A few weeks ago, KNDU told you about the budget calculator on Governor Gregoire's website.  She has a calculator on there so Washingtonians can see how the budget is balanced and suggest ideas to her office of how to balance the budget.  However, the Governor's office says they've only received 21 suggestions in direct response to the website.

Today, KNDU set out to see what people in the Tri-Cities think would help to balance the budget, and we found that many people don't fully understand the state budget. 

Washington state gets money from retail sales tax, business and occupation tax, property tax, and real estate excise tax, among a few other sources.

The expected revenue for Washington is $31.5-billion from 2009 to 2011.  The projected spending for the same time frame is $35.3-billion dollars.  Most of that money will go towards education, public safety, human services, healthcare, and natural resources.

With the revenue being less than the projected spending and a growing deficit, cuts to the budget need to be made.  Staff from the governor's office tell us they prioritized government programs to determine where cuts should be made.  Glen Cooper, the Communications Director for the Office of Financial Management, says, "The biggest priority was making sure that programs for children are least affected by the cuts so those are areas like education."

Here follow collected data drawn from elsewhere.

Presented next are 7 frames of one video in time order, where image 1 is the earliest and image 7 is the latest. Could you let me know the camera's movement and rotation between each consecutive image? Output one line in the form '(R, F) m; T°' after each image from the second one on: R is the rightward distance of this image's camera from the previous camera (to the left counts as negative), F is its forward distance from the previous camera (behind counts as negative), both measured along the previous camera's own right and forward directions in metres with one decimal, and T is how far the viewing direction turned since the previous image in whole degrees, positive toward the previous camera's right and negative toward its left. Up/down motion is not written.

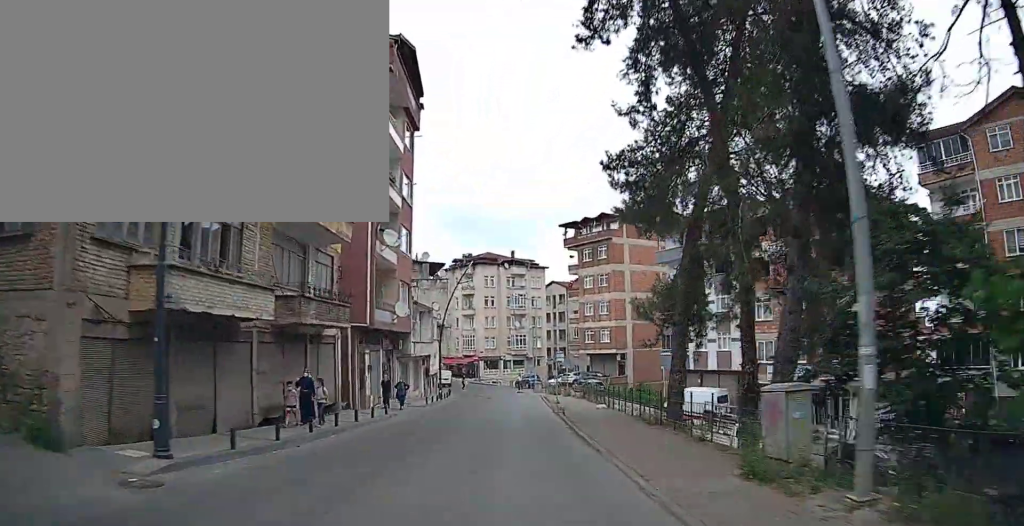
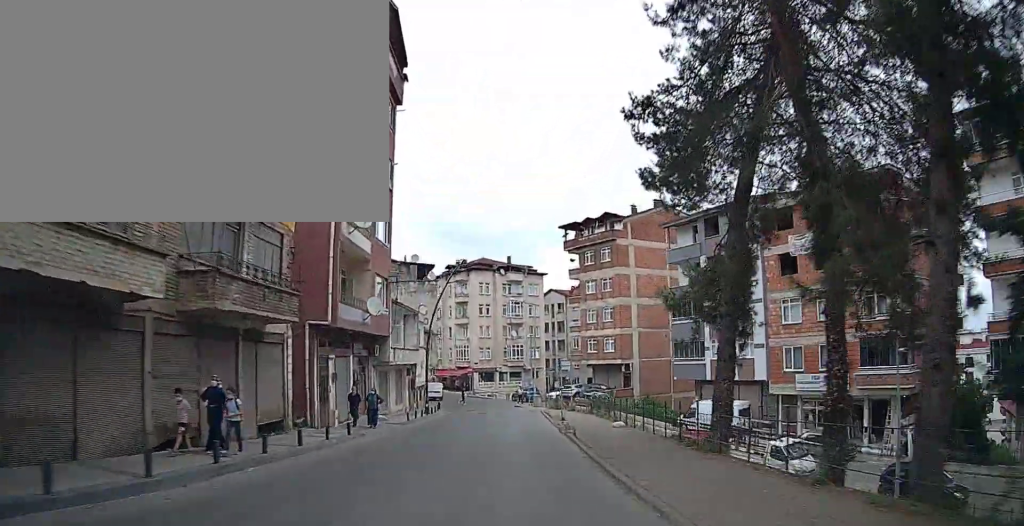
(0.0, +5.0) m; 0°
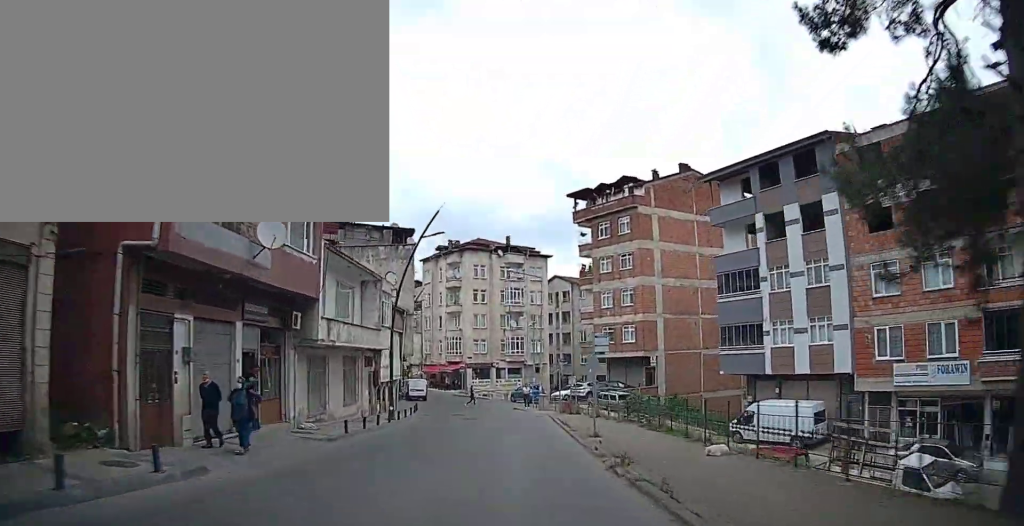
(0.0, +10.8) m; +2°
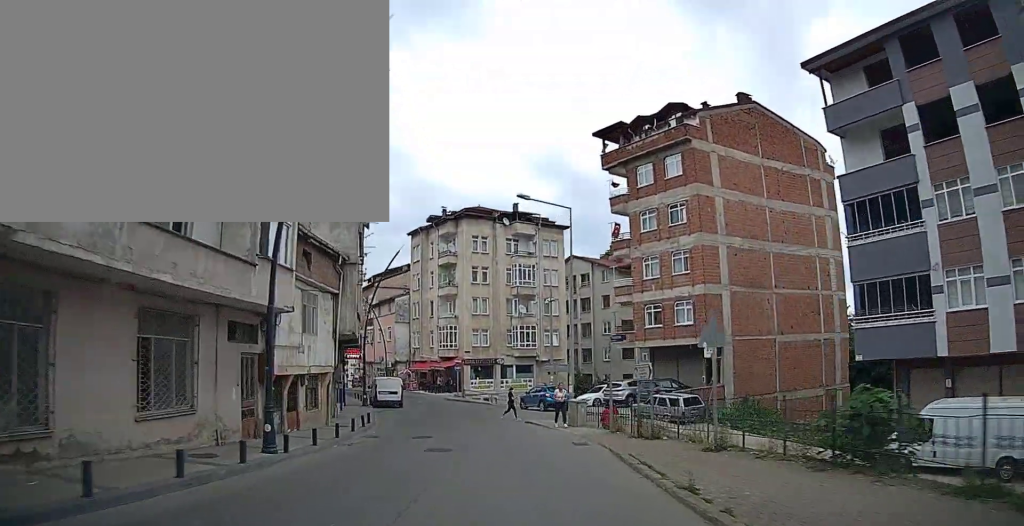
(+0.5, +14.5) m; +1°
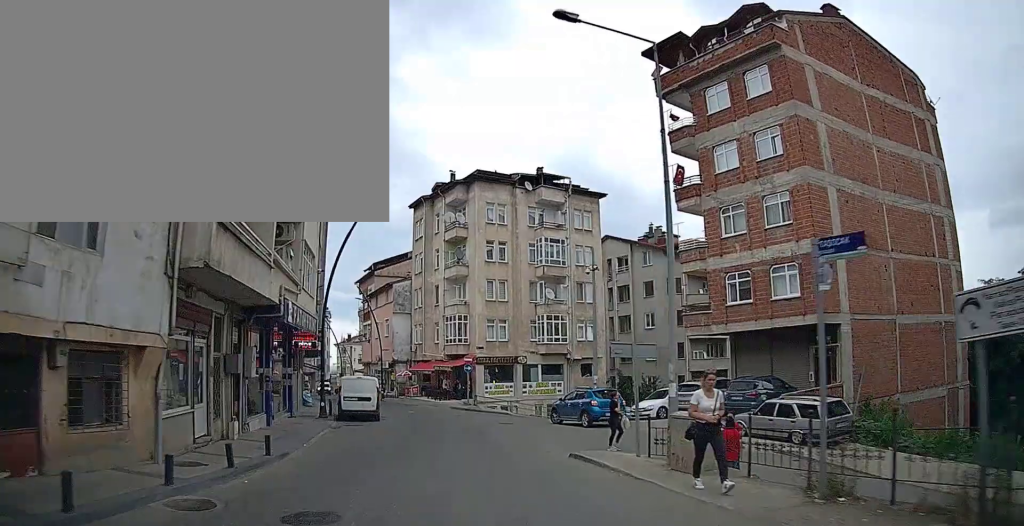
(-0.7, +11.1) m; -6°
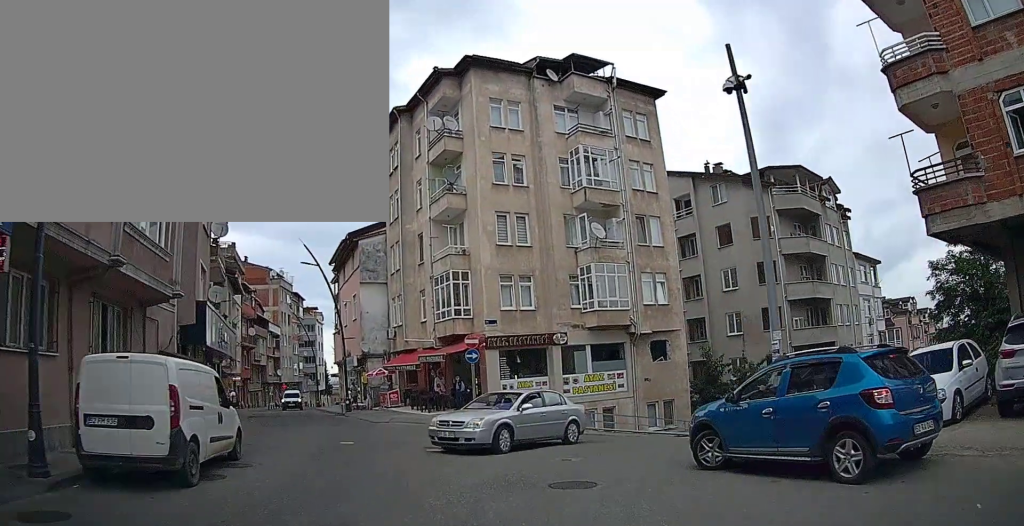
(-0.7, +17.0) m; +1°
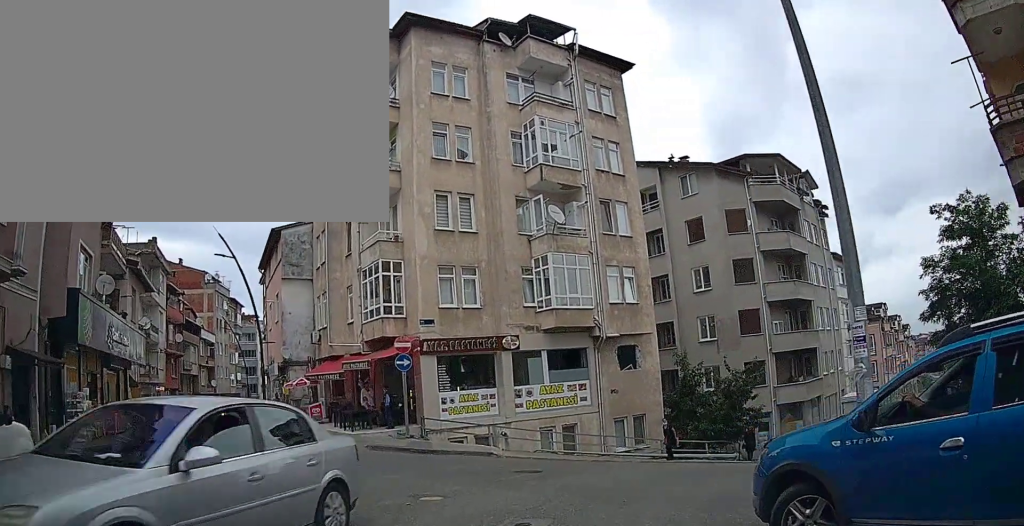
(+0.4, +5.0) m; +3°

Some Tri-Citians agree.  Nathina Norris says, "Education is a big one because we have young kids in schools and I'd hate to see funds taken out from there."  Tom Cooper agrees, saying, "I wouldn't cut anything out of education personally.  I have 2 children in the system and education is important."  However, one Tri-Citian disagrees.  Gwen MacCready says, "I think that most of the spending for schools, welfare, etcetera, was just over done."